### Exercise brief
Can you copy out the data exactly? Leave the images out.

[Data excerpts]
********************

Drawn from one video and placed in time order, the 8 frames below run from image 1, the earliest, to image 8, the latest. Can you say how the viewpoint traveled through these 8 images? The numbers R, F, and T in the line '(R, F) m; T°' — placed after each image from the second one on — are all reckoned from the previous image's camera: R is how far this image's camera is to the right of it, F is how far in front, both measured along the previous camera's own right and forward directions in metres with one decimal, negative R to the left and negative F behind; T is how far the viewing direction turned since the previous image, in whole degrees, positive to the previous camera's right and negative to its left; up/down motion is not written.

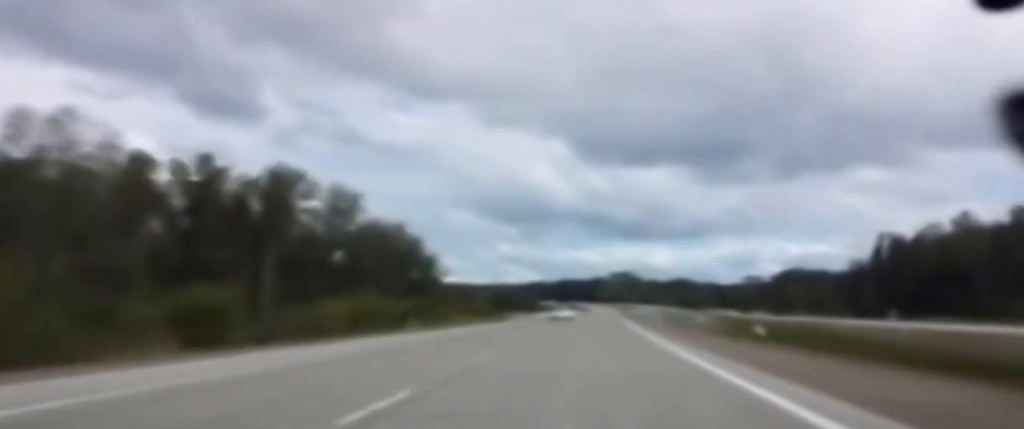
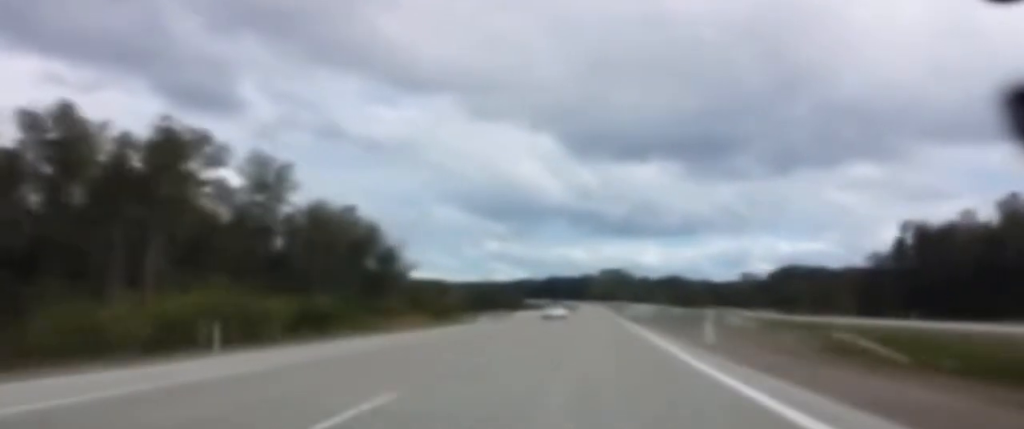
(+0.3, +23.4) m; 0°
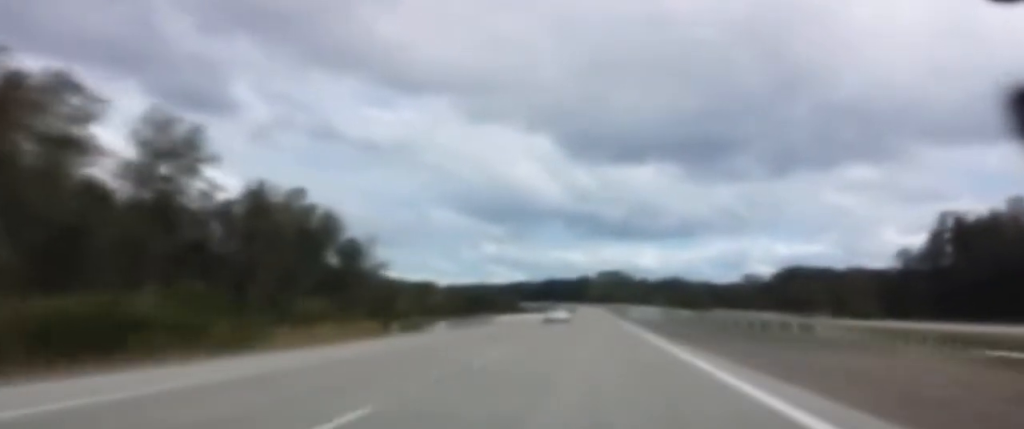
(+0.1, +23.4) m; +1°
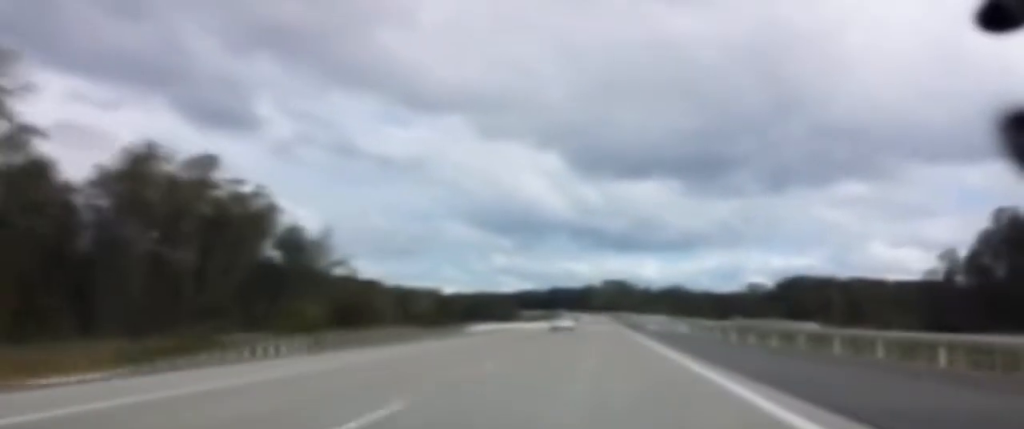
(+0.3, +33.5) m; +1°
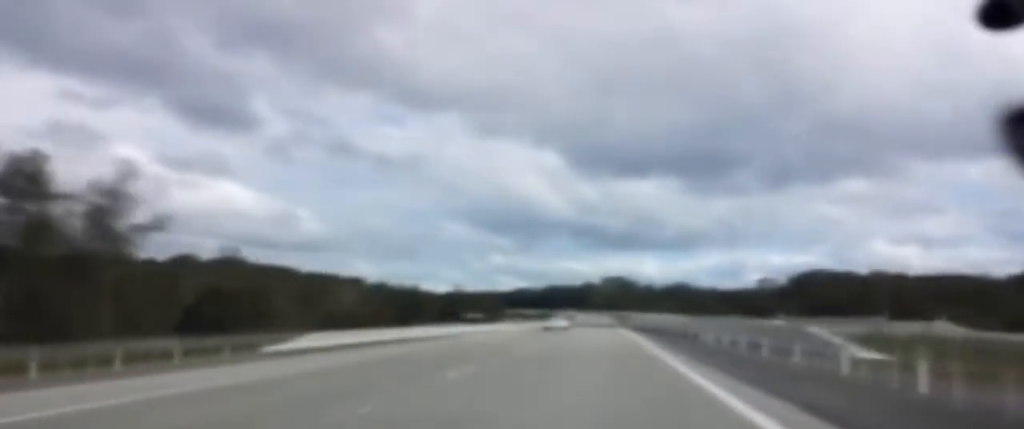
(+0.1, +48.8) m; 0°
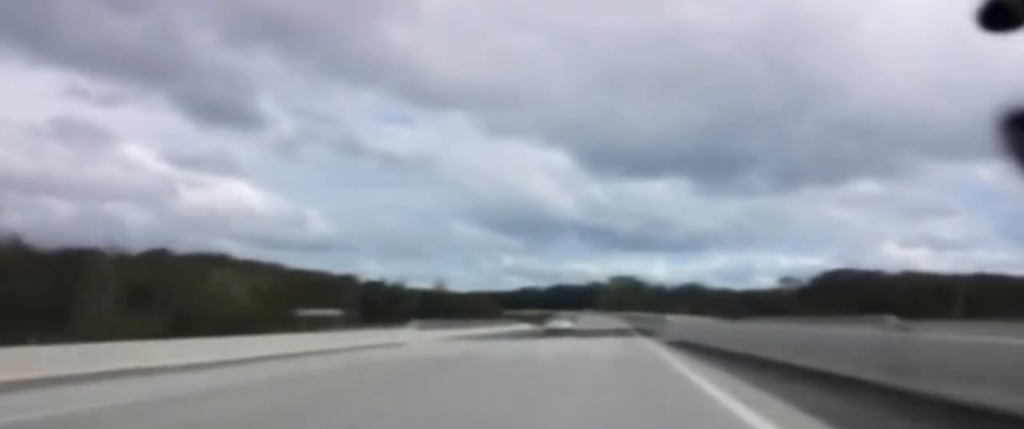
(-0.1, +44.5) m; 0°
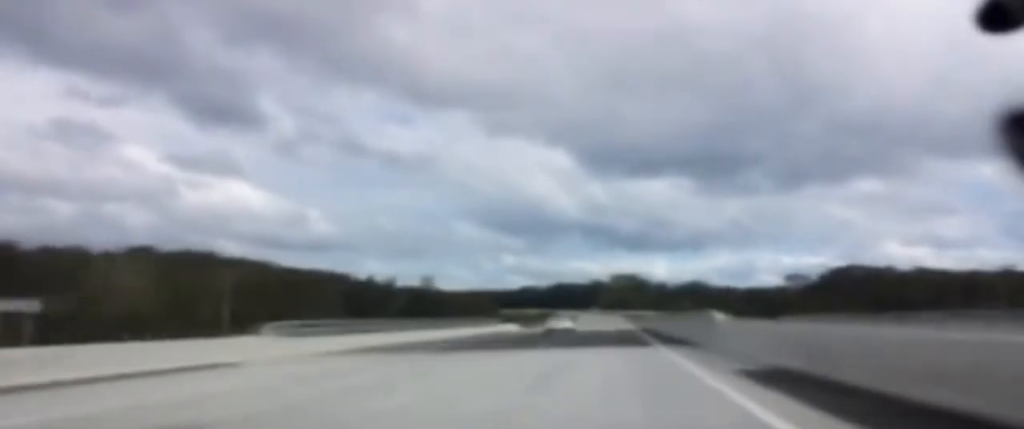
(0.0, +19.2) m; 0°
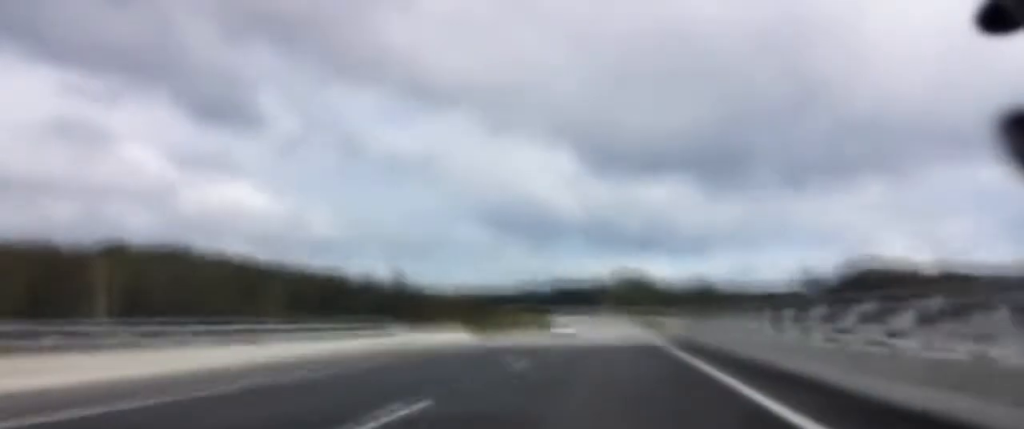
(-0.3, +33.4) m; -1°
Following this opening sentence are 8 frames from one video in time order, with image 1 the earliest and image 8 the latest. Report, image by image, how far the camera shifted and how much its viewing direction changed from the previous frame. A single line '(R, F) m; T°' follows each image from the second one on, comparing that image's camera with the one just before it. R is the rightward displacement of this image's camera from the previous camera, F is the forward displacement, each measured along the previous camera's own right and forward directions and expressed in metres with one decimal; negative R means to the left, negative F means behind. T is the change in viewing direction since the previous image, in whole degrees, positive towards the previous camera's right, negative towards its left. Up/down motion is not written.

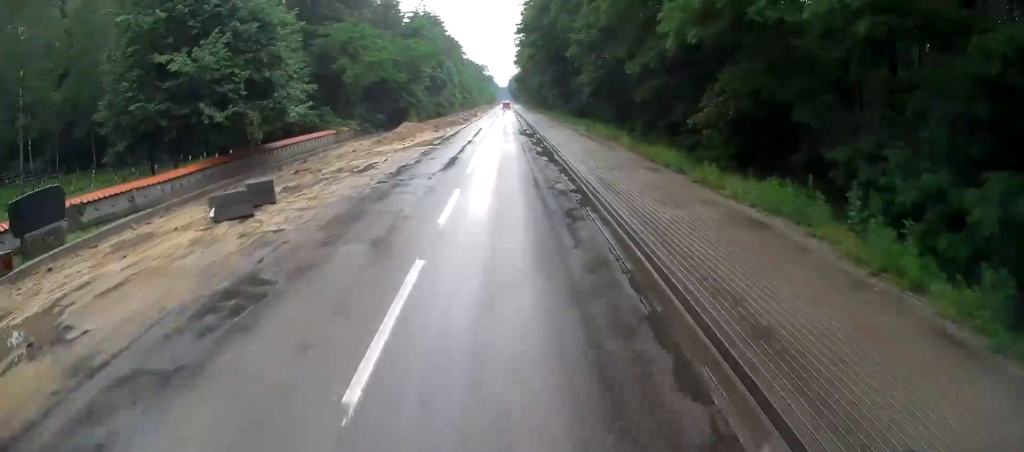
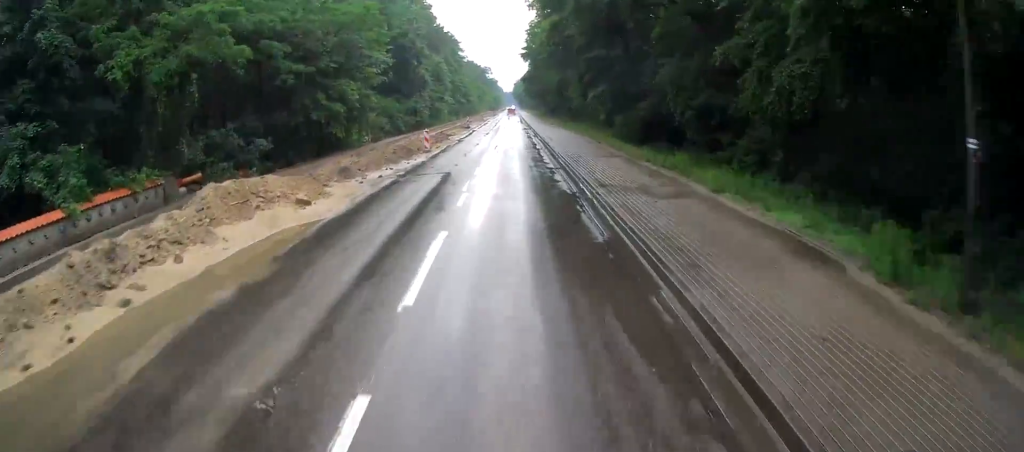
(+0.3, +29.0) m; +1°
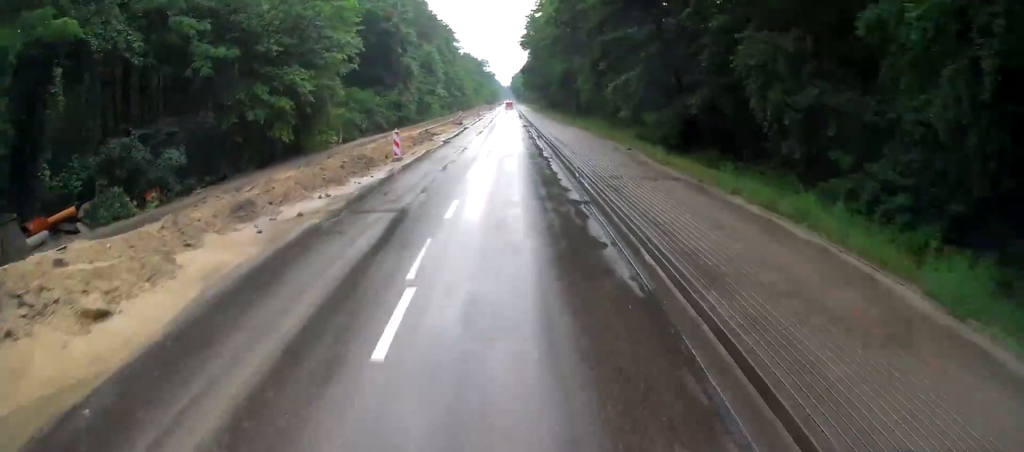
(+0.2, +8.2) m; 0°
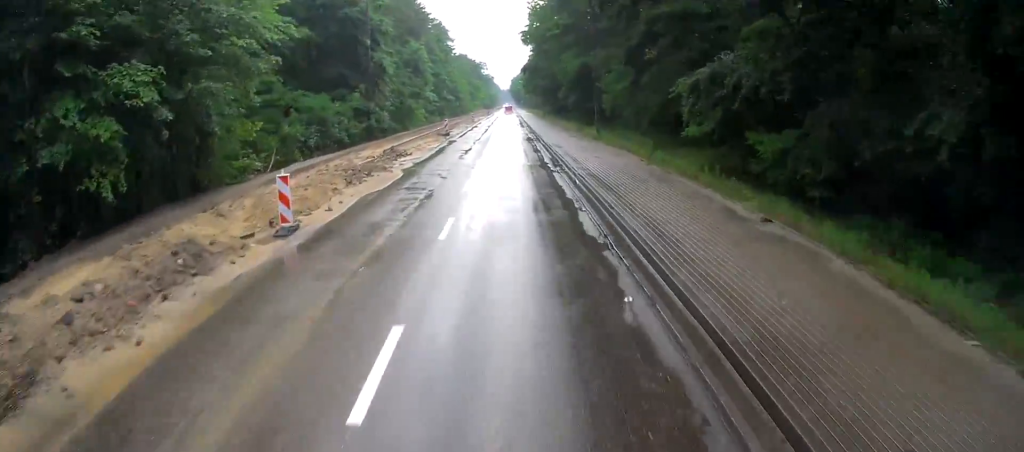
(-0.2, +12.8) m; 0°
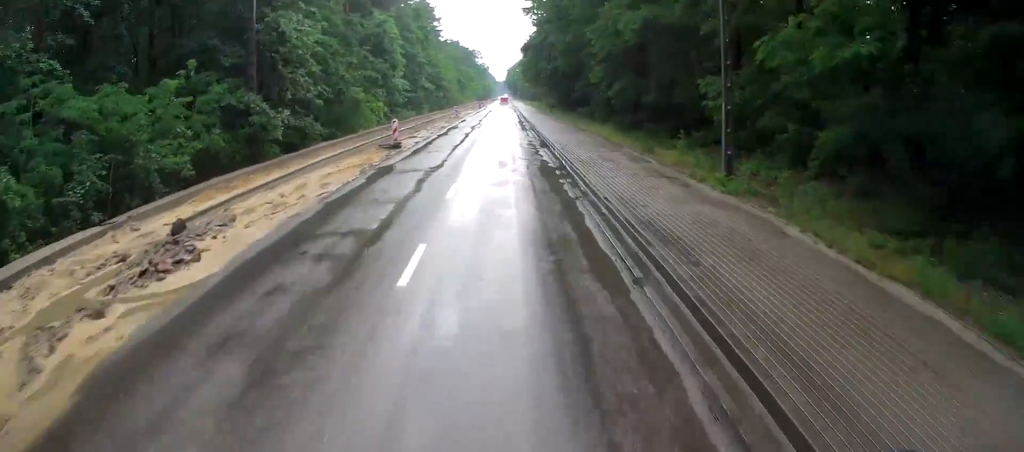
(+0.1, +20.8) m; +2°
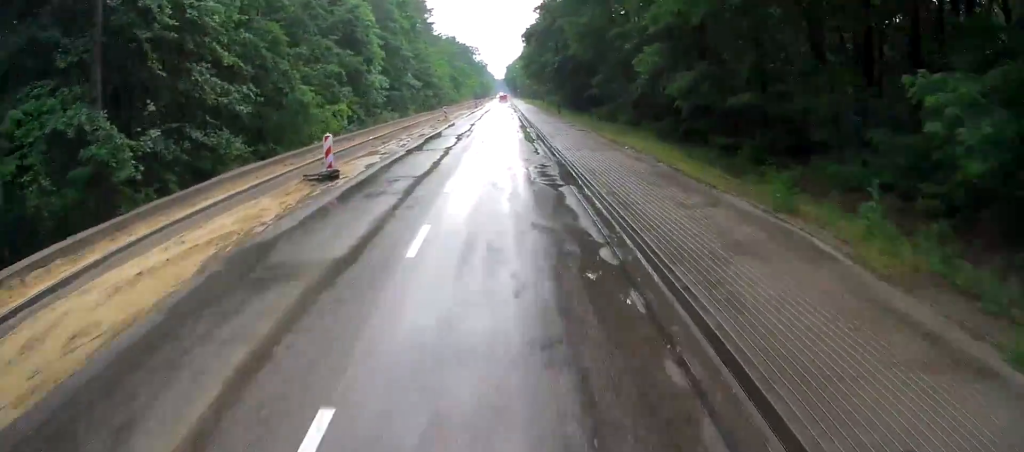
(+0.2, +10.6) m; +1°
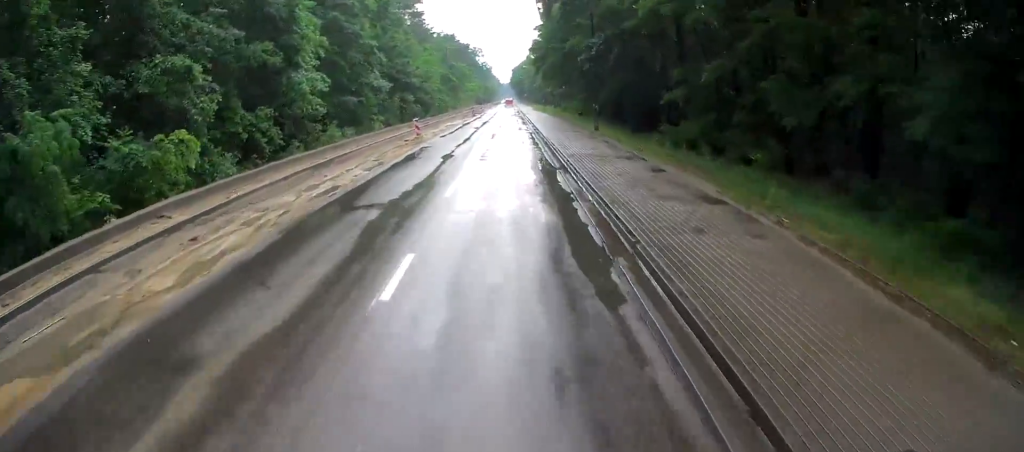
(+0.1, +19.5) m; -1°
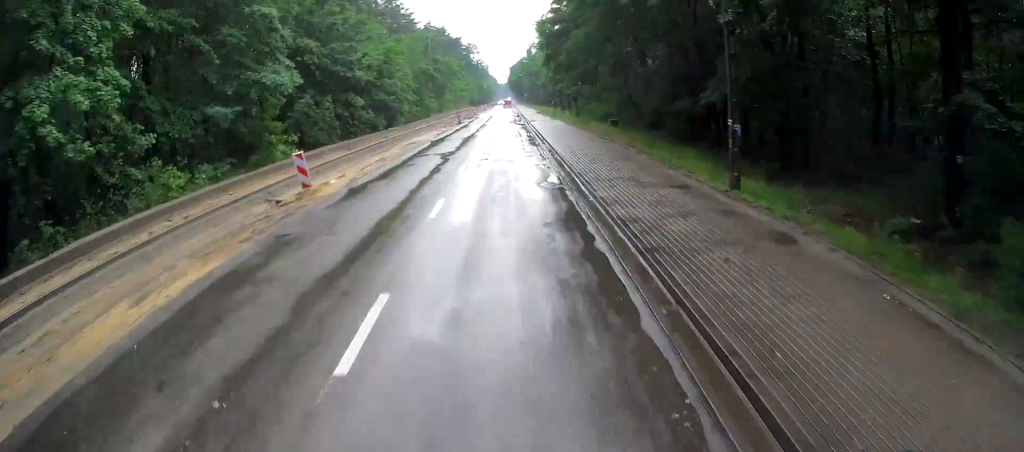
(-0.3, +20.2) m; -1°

********************

### Answer section
Drawn from one video and placed in time order, the 8 frames below run from image 1, the earliest, to image 8, the latest. Can you say how the viewpoint traveled through these 8 images? The numbers R, F, and T in the line '(R, F) m; T°' — placed after each image from the second one on — are all reckoned from the previous image's camera: R is how far this image's camera is to the right of it, F is how far in front, both measured along the previous camera's own right and forward directions in metres with one decimal, negative R to the left and negative F behind; T is how far the viewing direction turned since the previous image, in whole degrees, positive to the previous camera's right and negative to its left; up/down motion is not written.

(+0.3, +23.4) m; 0°
(+0.1, +23.4) m; +1°
(+0.3, +33.5) m; +1°
(+0.1, +48.8) m; 0°
(-0.1, +44.5) m; 0°
(0.0, +19.2) m; 0°
(-0.3, +33.4) m; -1°
Following this opening sentence are 8 frames from one video in time order, with image 1 the earliest and image 8 the latest. Report, image by image, how far the camera shifted and how much its viewing direction changed from the previous frame. A single line '(R, F) m; T°' follows each image from the second one on, comparing that image's camera with the one just before it. R is the rightward displacement of this image's camera from the previous camera, F is the forward displacement, each measured along the previous camera's own right and forward directions and expressed in metres with one decimal; negative R means to the left, negative F means behind. T is the change in viewing direction since the previous image, in whole degrees, positive towards the previous camera's right, negative towards its left. Up/down motion is not written.

(+0.3, +29.0) m; +1°
(+0.2, +8.2) m; 0°
(-0.2, +12.8) m; 0°
(+0.1, +20.8) m; +2°
(+0.2, +10.6) m; +1°
(+0.1, +19.5) m; -1°
(-0.3, +20.2) m; -1°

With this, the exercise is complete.